Please reproduce the records below exactly, omitting any pictures they contain.

======== Given entries

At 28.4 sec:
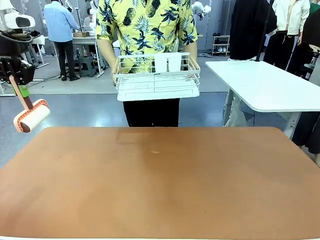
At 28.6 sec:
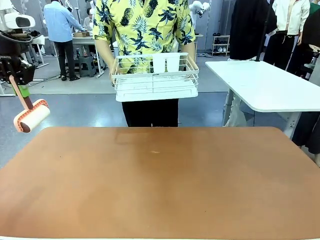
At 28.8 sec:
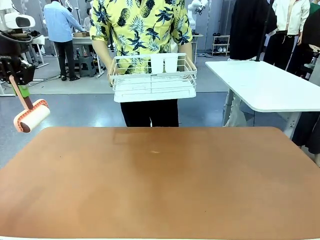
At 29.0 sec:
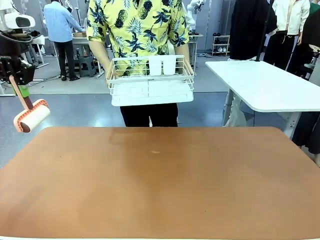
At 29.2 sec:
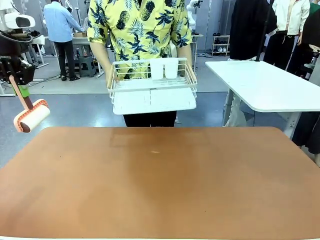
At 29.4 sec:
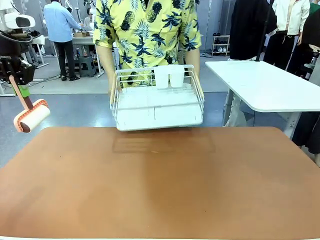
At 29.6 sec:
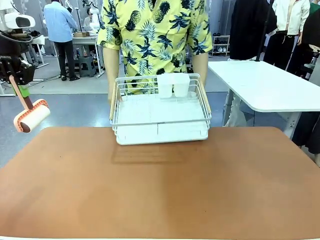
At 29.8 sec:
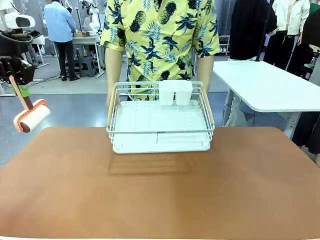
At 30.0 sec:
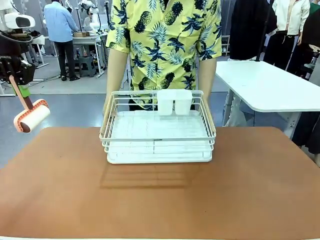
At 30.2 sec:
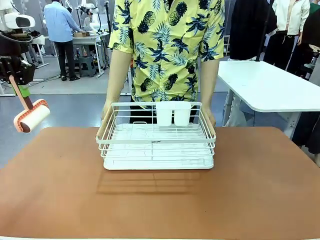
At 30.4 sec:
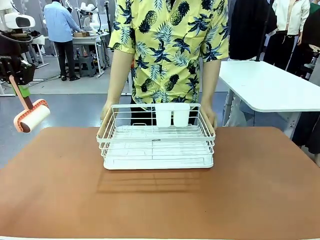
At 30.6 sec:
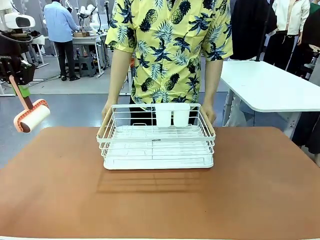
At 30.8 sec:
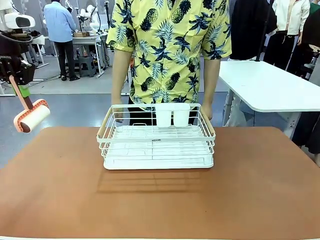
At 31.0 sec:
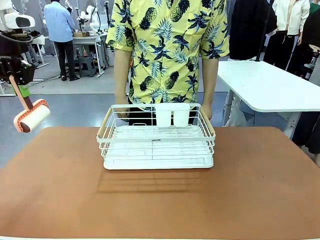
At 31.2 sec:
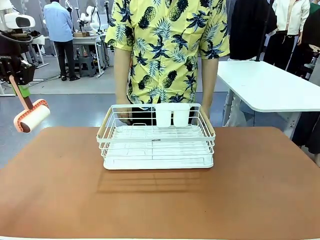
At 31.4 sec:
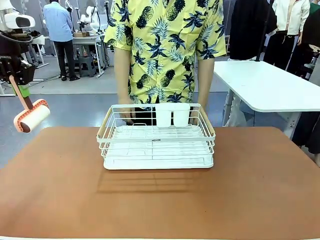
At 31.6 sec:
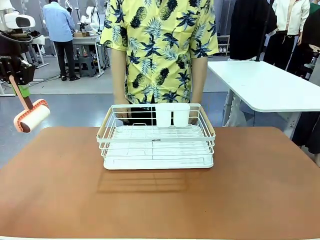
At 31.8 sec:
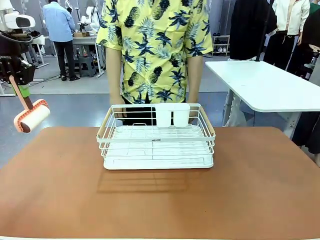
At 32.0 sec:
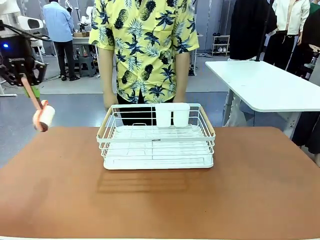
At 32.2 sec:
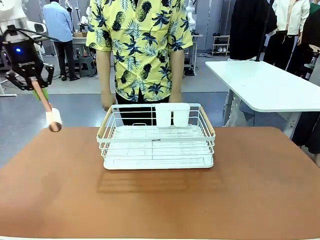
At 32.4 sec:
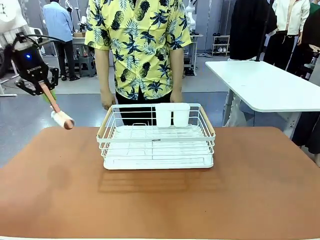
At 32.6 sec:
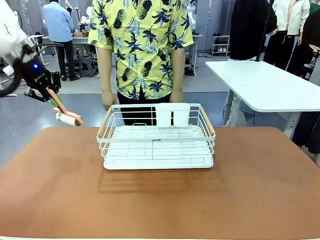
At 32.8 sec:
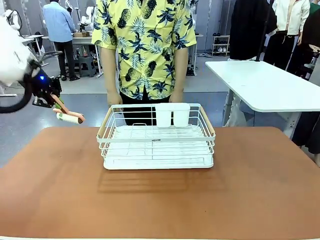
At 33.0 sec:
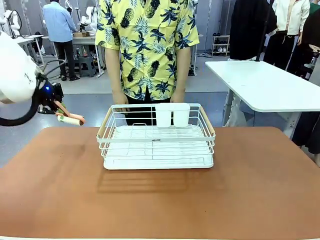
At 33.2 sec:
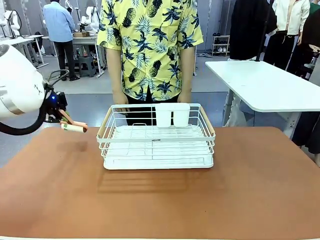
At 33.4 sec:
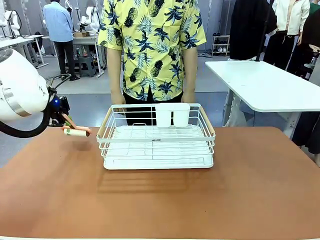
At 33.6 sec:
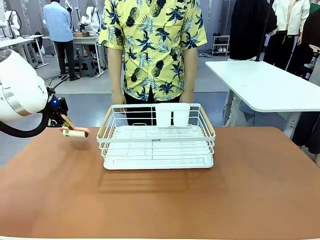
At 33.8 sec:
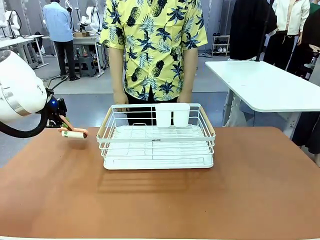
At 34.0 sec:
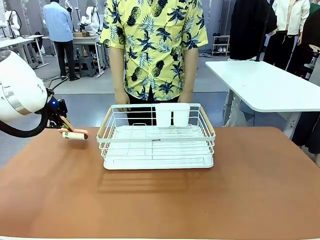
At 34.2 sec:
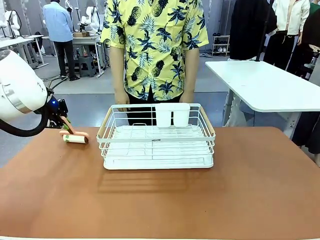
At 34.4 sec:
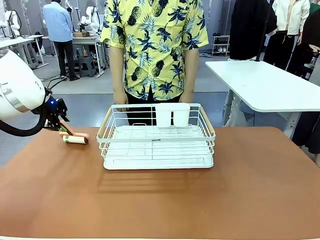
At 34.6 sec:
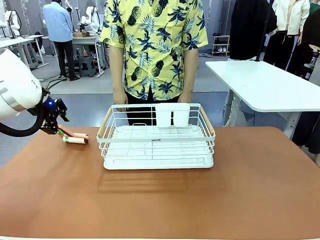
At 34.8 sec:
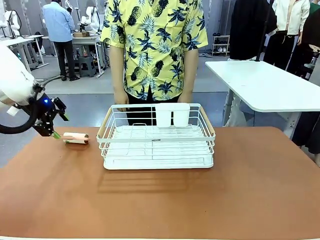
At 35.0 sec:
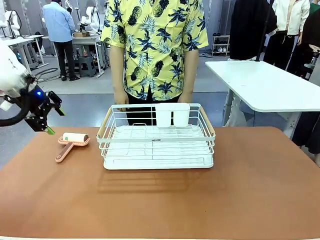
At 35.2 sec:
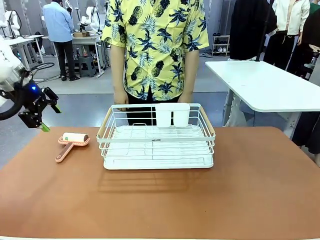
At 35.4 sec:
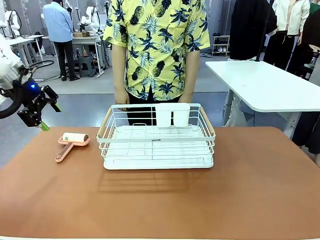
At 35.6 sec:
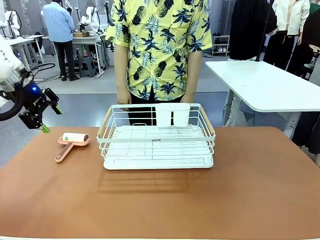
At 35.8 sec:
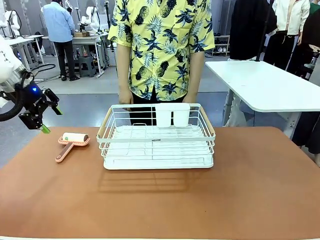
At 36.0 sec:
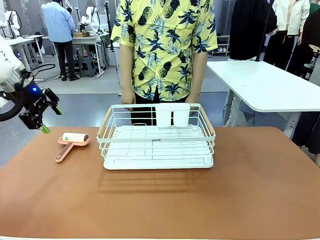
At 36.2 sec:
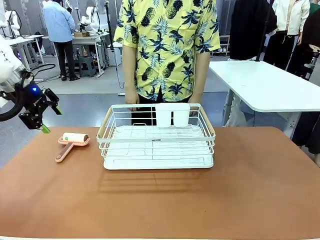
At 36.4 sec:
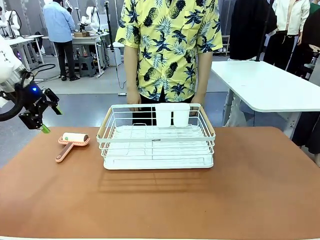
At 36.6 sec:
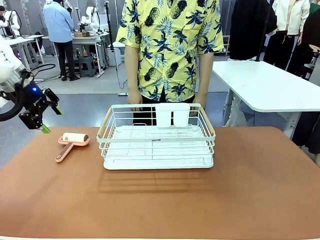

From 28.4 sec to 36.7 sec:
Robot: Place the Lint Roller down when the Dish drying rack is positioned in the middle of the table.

================

[Completed task]
At 28.4 sec:
At 28.6 sec:
At 28.8 sec:
At 29.0 sec:
At 29.2 sec:
At 29.4 sec:
At 29.6 sec:
At 29.8 sec:
At 30.0 sec:
At 30.2 sec:
At 30.4 sec:
At 30.6 sec:
At 30.8 sec:
At 31.0 sec:
At 31.2 sec:
At 31.4 sec:
At 31.6 sec:
At 31.8 sec:
At 32.0 sec:
At 32.2 sec:
At 32.4 sec:
At 32.6 sec:
At 32.8 sec:
At 33.0 sec:
At 33.2 sec:
At 33.4 sec:
At 33.6 sec:
At 33.8 sec:
At 34.0 sec:
At 34.2 sec:
At 34.4 sec:
At 34.6 sec:
At 34.8 sec:
At 35.0 sec:
At 35.2 sec:
At 35.4 sec:
At 35.6 sec:
At 35.8 sec:
At 36.0 sec:
At 36.2 sec:
At 36.4 sec:
At 36.6 sec:

From 28.4 sec to 36.7 sec:
Robot: Place the Lint Roller down when the Dish drying rack is positioned in the middle of the table.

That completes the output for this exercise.